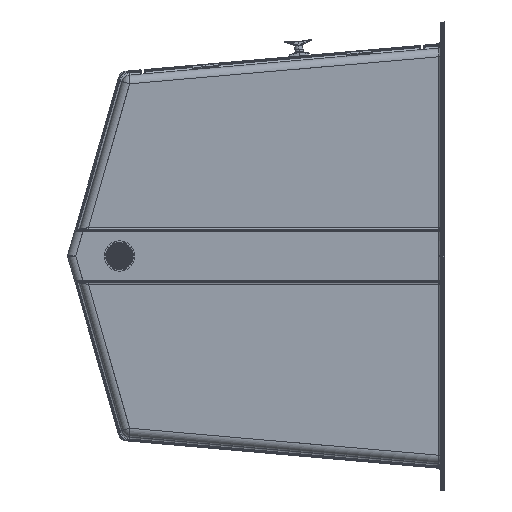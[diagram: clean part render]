
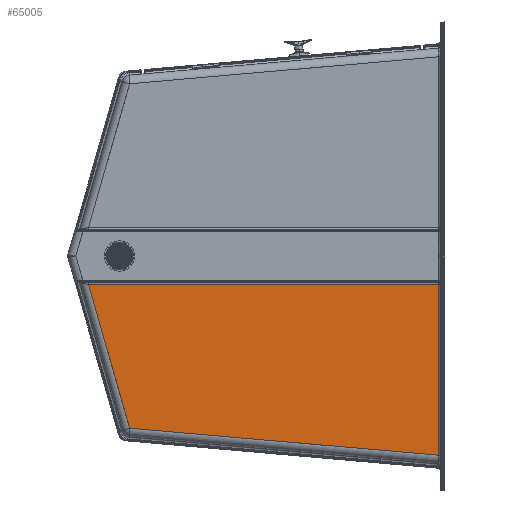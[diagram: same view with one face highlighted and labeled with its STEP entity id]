
A CAD part, left-side view. The second image highlights one B-rep face of the part: STEP entity #65005.
In plain terms, the highlighted planar face has unit normal (-0.998, 0.07, 0).
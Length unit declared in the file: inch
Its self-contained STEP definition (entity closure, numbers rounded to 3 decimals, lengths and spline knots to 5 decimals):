
#5793 = DIRECTION ( 'NONE',  ( -0.019, -0.275, -0.961 ) ) ;
#7319 = PLANE ( 'NONE',  #180890 ) ;
#9207 = CARTESIAN_POINT ( 'NONE',  ( 22.21433, 51.04882, 101.49462 ) ) ;
#25904 = FACE_OUTER_BOUND ( 'NONE', #145243, .T. ) ;
#30083 = DIRECTION ( 'NONE',  ( -0.069, -0.994, -0.087 ) ) ;
#35269 = CARTESIAN_POINT ( 'NONE',  ( 22.21433, 51.04882, 81.76269 ) ) ;
#38437 = VERTEX_POINT ( 'NONE', #301766 ) ;
#43108 = LINE ( 'NONE', #226802, #136284 ) ;
#47263 = EDGE_CURVE ( 'NONE', #38437, #129256, #282701, .T. ) ;
#61454 = VERTEX_POINT ( 'NONE', #72925 ) ;
#65005 = ADVANCED_FACE ( 'NONE', ( #25904 ), #7319, .T. ) ;
#70970 = ORIENTED_EDGE ( 'NONE', *, *, #238489, .T. ) ;
#72925 = CARTESIAN_POINT ( 'NONE',  ( 25.03576, 91.39708, 101.49462 ) ) ;
#90495 = DIRECTION ( 'NONE',  ( 0.07, 0.998, 0. ) ) ;
#91426 = EDGE_CURVE ( 'NONE', #61454, #38437, #140811, .T. ) ;
#97778 = CARTESIAN_POINT ( 'NONE',  ( 22.19807, 50.81626, 111.97757 ) ) ;
#99367 = VECTOR ( 'NONE', #5793, 39.37008 ) ;
#129256 = VERTEX_POINT ( 'NONE', #35269 ) ;
#135920 = LINE ( 'NONE', #164770, #268219 ) ;
#136284 = VECTOR ( 'NONE', #90495, 39.37008 ) ;
#140508 = ORIENTED_EDGE ( 'NONE', *, *, #91426, .T. ) ;
#140811 = LINE ( 'NONE', #143833, #99367 ) ;
#143833 = CARTESIAN_POINT ( 'NONE',  ( 24.6894, 86.44386, 84.19808 ) ) ;
#145243 = EDGE_LOOP ( 'NONE', ( #140508, #176675, #232150, #70970 ) ) ;
#163252 = DIRECTION ( 'NONE',  ( 0., 0., 1. ) ) ;
#164770 = CARTESIAN_POINT ( 'NONE',  ( 22.21433, 51.04882, 101.74462 ) ) ;
#166651 = DIRECTION ( 'NONE',  ( 0., 0., -1. ) ) ;
#176477 = VERTEX_POINT ( 'NONE', #9207 ) ;
#176675 = ORIENTED_EDGE ( 'NONE', *, *, #47263, .T. ) ;
#180890 = AXIS2_PLACEMENT_3D ( 'NONE', #97778, #241561, #166651 ) ;
#209118 = EDGE_CURVE ( 'NONE', #129256, #176477, #135920, .T. ) ;
#218397 = CARTESIAN_POINT ( 'NONE',  ( 22.19204, 50.73006, 81.7348 ) ) ;
#226802 = CARTESIAN_POINT ( 'NONE',  ( 25.04076, 91.46867, 101.49462 ) ) ;
#232150 = ORIENTED_EDGE ( 'NONE', *, *, #209118, .T. ) ;
#238489 = EDGE_CURVE ( 'NONE', #176477, #61454, #43108, .T. ) ;
#241561 = DIRECTION ( 'NONE',  ( -0.998, 0.07, 0. ) ) ;
#256337 = VECTOR ( 'NONE', #30083, 39.37008 ) ;
#268219 = VECTOR ( 'NONE', #163252, 39.37008 ) ;
#282701 = LINE ( 'NONE', #218397, #256337 ) ;
#301766 = CARTESIAN_POINT ( 'NONE',  ( 24.70298, 86.6381, 84.87635 ) ) ;

(Task):
An exact copy of the lines above, from the first through the line that holds "Its self-contained STEP", is what is needed; leave the pictures out.

(Result):
[diagram: clean part render]
[diagram: same view with one face highlighted and labeled with its STEP entity id]
A CAD part, left-side view. The second image highlights one B-rep face of the part: STEP entity #65005.
In plain terms, the highlighted planar face has unit normal (-0.998, 0.07, 0).
Length unit declared in the file: inch
Its self-contained STEP definition (entity closure, numbers rounded to 3 decimals, lengths and spline knots to 5 decimals):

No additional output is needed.